Extend this code to add an extra line in which you append the integer 5 (not the string) to the list. Check your code by adding the necessary print statements.

my_list = [0,1,2,3,4]
print('The complete list is', my_list)
third_item_in_list = my_list[2]
print('Third item in the list is:', third_item_in_list)

Exercise 2.3

Look at the following code (do not run it yet): Question: what does the code do? Which value is printed to the screen? Run the code to check your answer.

my_list = [0,1,2,3,4]
my_list[2] = -1
print(my_list[2])

Exercise 2.4

Look at the following code (do not run it yet):

my_list = [0,1,2,3,4]
my_list[2] = -1
print(my_list[5])
  1. Question: what does the code do? Why is there an error message?

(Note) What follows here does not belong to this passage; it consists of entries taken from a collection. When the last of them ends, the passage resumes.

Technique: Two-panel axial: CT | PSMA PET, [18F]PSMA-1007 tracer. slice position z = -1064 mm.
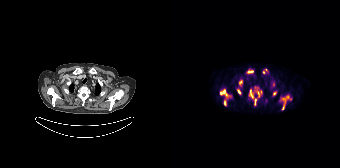
Findings: Coordinates are on the 168×168 PET (right) panel. PSMA-avid tumor lesion bounding boxes (x0, y0)-(x1, y1): (77, 86)-(90, 105) / (108, 95)-(119, 110) / (48, 89)-(58, 98) / (74, 69)-(81, 73) / (65, 89)-(69, 94) / (52, 100)-(54, 105) / (101, 91)-(104, 95). Small PSMA-avid foci (2 to 4 px across) near (center x, center y): (91, 72) / (69, 80) / (68, 84) / (101, 85) / (94, 69).
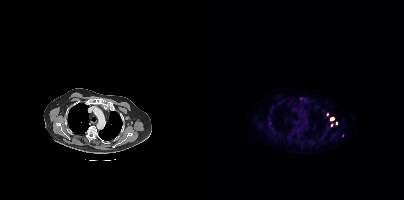
{"modality":"PSMA PET/CT","view":"axial","tracer":"18F-PSMA","pet_grid":[200,200],"coord_frame":"pet_panel","coord_format":"x0,y0,x1,y1","partial":true,"lesion_bboxes":[],"small_foci_centers":[[128,118],[127,125],[132,123]]}

  2. Question: what is the lowest index number allowed to retrieve an item from a list and what is the greatest?

Exercise 2.5

Read the following code:

my_list = ['A','B','C',1,2,3,4]
my_list_index = 3
list_item = my_list[my_list_index]
print(list_item)
  1. Question: which value is printed to the screen?

  2. This code shows that you can also use a variable as the index to retrieve items from a list. Why is this useful?

Exercise 2.6

In the following code, change the value that is assigned to the variable start such that the value 2 is printed to the screen.

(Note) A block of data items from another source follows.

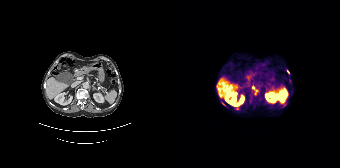
Coordinates are on the 168×168 PET (right) panel. PSMA-avid tumor lesion bounding boxes (x, y, width, height): x=82 y=90 w=5 h=5 / x=49 y=102 w=5 h=5. Small PSMA-avid foci (2 to 4 px across) near (center x, center y): (81, 87) / (116, 71) / (65, 108). Two-panel axial: CT | PSMA PET, 68Ga-PSMA tracer. Slice position z = -1292 mm. PET panel 168×168 px (4.1 mm/px).
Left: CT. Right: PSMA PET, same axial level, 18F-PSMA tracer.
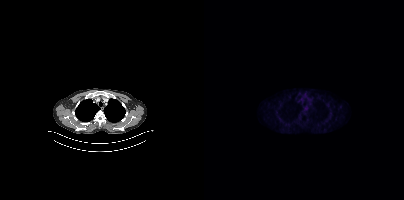
Only PSMA-avid lesion pieces thinner than 2 px on this slice (not listed).

Note You are not allowed to make any other modifications!

my_list = ['A', 'B', 'C', 1, 2, 3, 4]
start = 0
my_list_index = start + 3
list_item = my_list[my_list_index]
print(list_item)

Exercise 2.7

Take the following sequence:

GCTTGACAGGTAGACAGGACCCATAGACAGGATAGACAGGTAGACAGGGATAGACAGGGATAGCCAGATAGACGATAGCGATGATAC

When this sequence is reversed there is a 6 base sequence motif starting at base position 35 that ends with AGG. Write the Python code to print this sequence starting from the sequence above.

Exercise 2.8

You are given two sets of transcription factors (TFs), tfs_1 and tfs_2:

tfs_1 = 'Oct4, Sox2, Nanog, Smad1, Klf4, Esrrb'
tfs_2 = 'CTCF, n-Myc, c-Myc, STAT3, Tcfcp2l1, Zfx'
  1. Convert both of these to a list

  2. Move the last TF from tfs_1 to tfs_2, without typing the TF name

  3. Move the two Myc TFs from tfs_2 to tfs_1, so that they are the first two TFs of tfs_1, without typing the TF name

  4. There are always multiple strategies …. so do the same as in 3. but using a different method, still without typing the TF name

Exercise 2.9

The following list contains numbers:

nms = [199, 322, 244, 303, 325, 18, 303, 238, 9, 393, 285, 485, 337, 401, 307, 442, 389, 349, 275, 318, 290, 544, 372, 311, 187, 231, 230, 312, 388, 343, 263, 193, 416, 311, 156, 509, 468, 482, 397, 218, 90, 406, 608, 324, 151, 332, 217, 204, 158, 295, 345]

Copy-paste this list, and answer the following questions by using Python methods that we have covered so far:

  1. What is the minimum?

  2. What is the maximum?

  3. What is the 10th percentile? This is the value below which 10% of the values in the list are found.